I’m trying to make my model layer more abstract and to do so I’ve introduced three layers, so for example a users db table would consist of;
Users - Object that contains attributes specific to user; id, firstname, email etc
UsersMapper - Object that maps user attributes to the fields in the db
UsersDbTable - contains sql queries CRUD commands etc
The mapper is responsible for taking a Users object, mapping the data to the related table fields and using the UsersDbTable object to run query
I think this is right??
But where I’m getting confused is how/where to implement table joins. Should the UsersMapper and UsersDbTable objects know about other tables I want to join?
If you’re creating an ORM, most of the time JOINs and other table or database operations will be performed with a Query Object. This essentially just holds commands and related data/models, and then converts them to an SQL string on execution.

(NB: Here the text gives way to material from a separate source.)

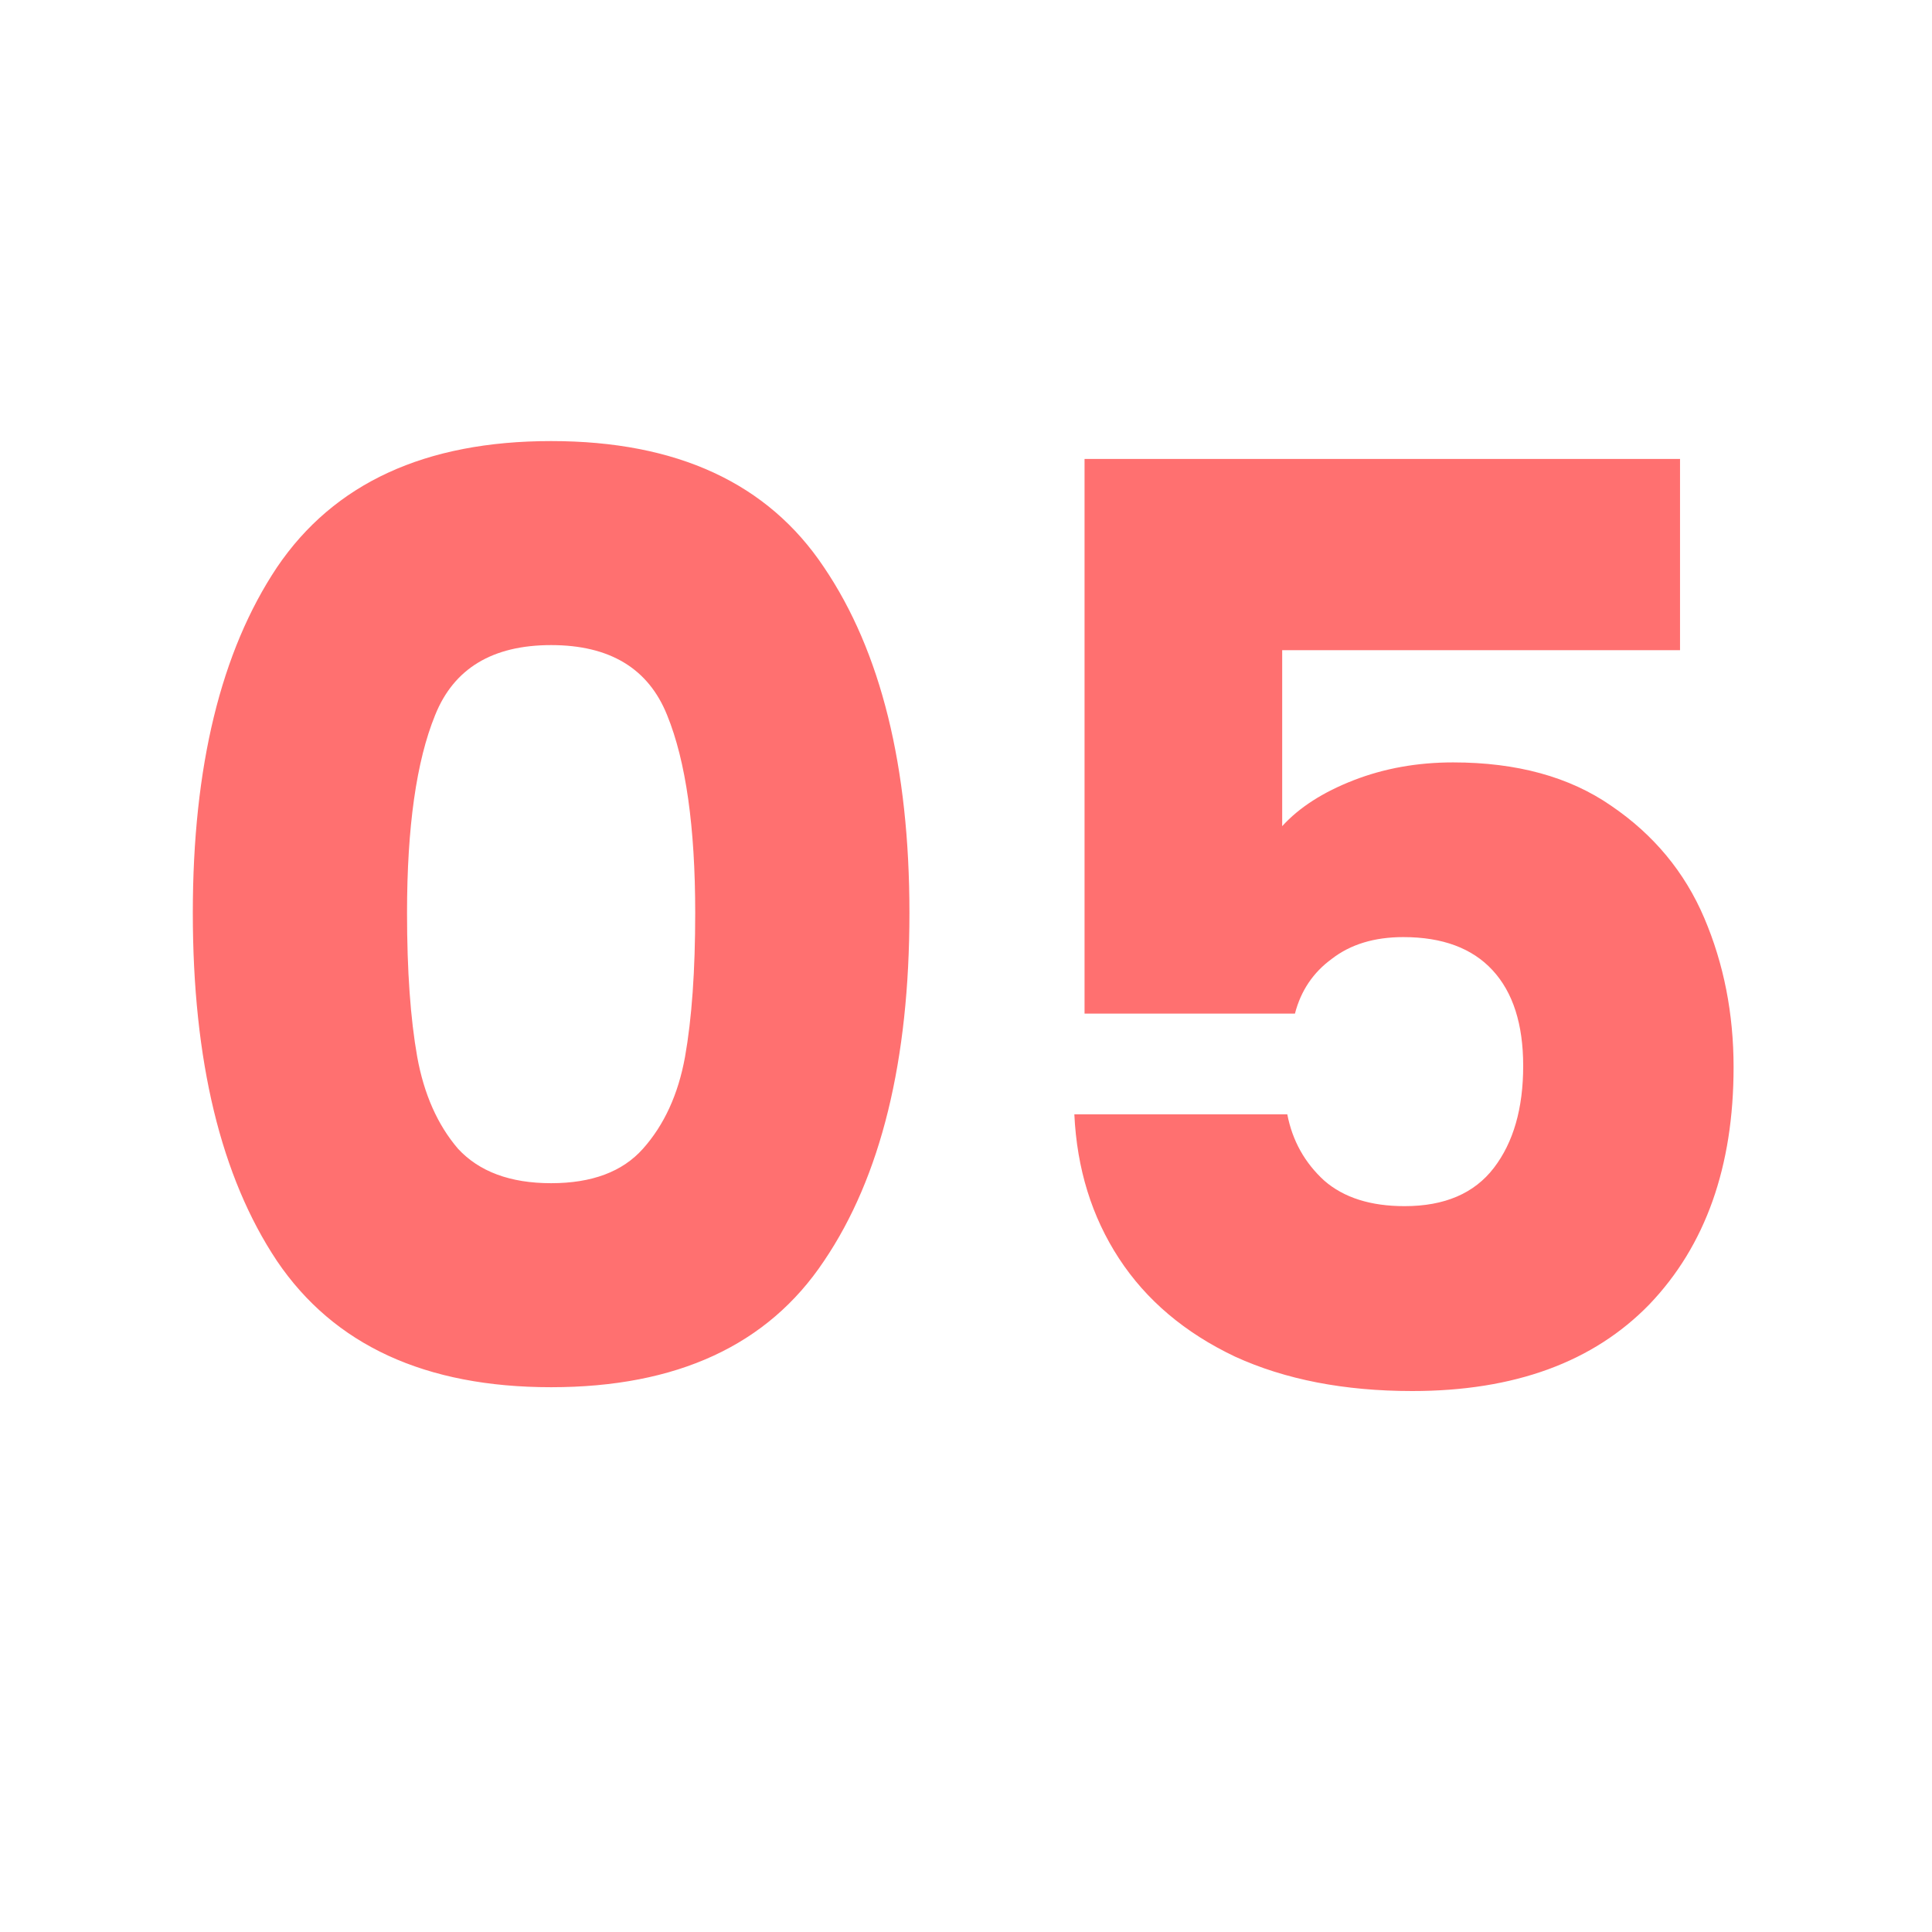 <?xml version="1.0" encoding="UTF-8"?> <svg xmlns="http://www.w3.org/2000/svg" width="50" height="50" viewBox="0 0 50 50" fill="none"><path d="M4.99 23.625C4.99 19.841 5.716 16.86 7.168 14.682C8.642 12.504 11.007 11.415 14.263 11.415C17.519 11.415 19.873 12.504 21.325 14.682C22.799 16.86 23.536 19.841 23.536 23.625C23.536 27.453 22.799 30.456 21.325 32.634C19.873 34.812 17.519 35.901 14.263 35.901C11.007 35.901 8.642 34.812 7.168 32.634C5.716 30.456 4.99 27.453 4.99 23.625ZM17.992 23.625C17.992 21.403 17.75 19.698 17.266 18.51C16.782 17.3 15.781 16.695 14.263 16.695C12.745 16.695 11.744 17.3 11.26 18.51C10.776 19.698 10.534 21.403 10.534 23.625C10.534 25.121 10.622 26.364 10.798 27.354C10.974 28.322 11.326 29.114 11.854 29.73C12.404 30.324 13.207 30.621 14.263 30.621C15.319 30.621 16.111 30.324 16.639 29.73C17.189 29.114 17.552 28.322 17.728 27.354C17.904 26.364 17.992 25.121 17.992 23.625ZM43.479 16.827H33.183V21.381C33.623 20.897 34.239 20.501 35.031 20.193C35.823 19.885 36.681 19.731 37.605 19.731C39.255 19.731 40.619 20.105 41.697 20.853C42.797 21.601 43.6 22.569 44.106 23.757C44.612 24.945 44.865 26.232 44.865 27.618C44.865 30.192 44.139 32.238 42.687 33.756C41.235 35.252 39.189 36 36.549 36C34.789 36 33.26 35.703 31.962 35.109C30.664 34.493 29.663 33.646 28.959 32.568C28.255 31.49 27.87 30.247 27.804 28.839H33.315C33.447 29.521 33.766 30.093 34.272 30.555C34.778 30.995 35.471 31.215 36.351 31.215C37.385 31.215 38.155 30.885 38.661 30.225C39.167 29.565 39.42 28.685 39.42 27.585C39.42 26.507 39.156 25.682 38.628 25.11C38.1 24.538 37.33 24.252 36.318 24.252C35.57 24.252 34.954 24.439 34.47 24.813C33.986 25.165 33.667 25.638 33.513 26.232H28.068V11.877H43.479V16.827Z" fill="#FF7070"></path></svg>

The only thing the User object should be aware of are its relations - HasMany, HasOne, BelongsTo, etc. How those are actually implemented and executed through the mapper, etc. is totally up to the specific data store and implementation.
So as an example, if I wanted to fetch all users and their related images, the user model would reference it’s relationship with the images model and the user mapper would use both models to map data to the database
$users = $userMapper->fetchAll()
foreach($users as $user)
{
echo $user->getFirstName();
$image = $user->getImages();
}
Is that correct?
So going the other way, how would I save user information and any new images, something like this?
You’re really not that far off - that’s pretty much exactly how it works :).
The key is that the relationship definition can be used as a two-way street. It is used both to retrieve related images on request, and to save them to the datastore as well.
My code might look something more like this:
$user->setFirstName('Fred');
$user->images[] = new Image(array('name' => 'picture.jpg'));
$userMapper->save($user);
Upon save, the mapper looks to the relationships and the relationship aliases (related images are populated on the “images” property/pseudo-field, etc.), then loads the corresponding mapper to save the related data back according to how the relationship is defined. This is how it works with phpDataMapper Table Relationships.
phpDataMapper is a great resource thank you very much.
To keep things simple (for my own benefit really), would I then introduce a userDao in the example above that the mapper would utilize. The userDao would we responsible for the actual actions against the db.
With phpDataMapper I assume this is the Query object?
You can (obviously) structure your own code how you want, but the phpDataMapper design has one mapper per entity type that handles everything for that type - fetching, saving, inserting, etc. The way it does this is through a generic Query object that is built with the query criteria and is then passed to a corresponding adapter to execute. On fetch/select, executing the Query object through the database adapter returns a Collection that has populated Entity objects in it, or false if the result set was empty.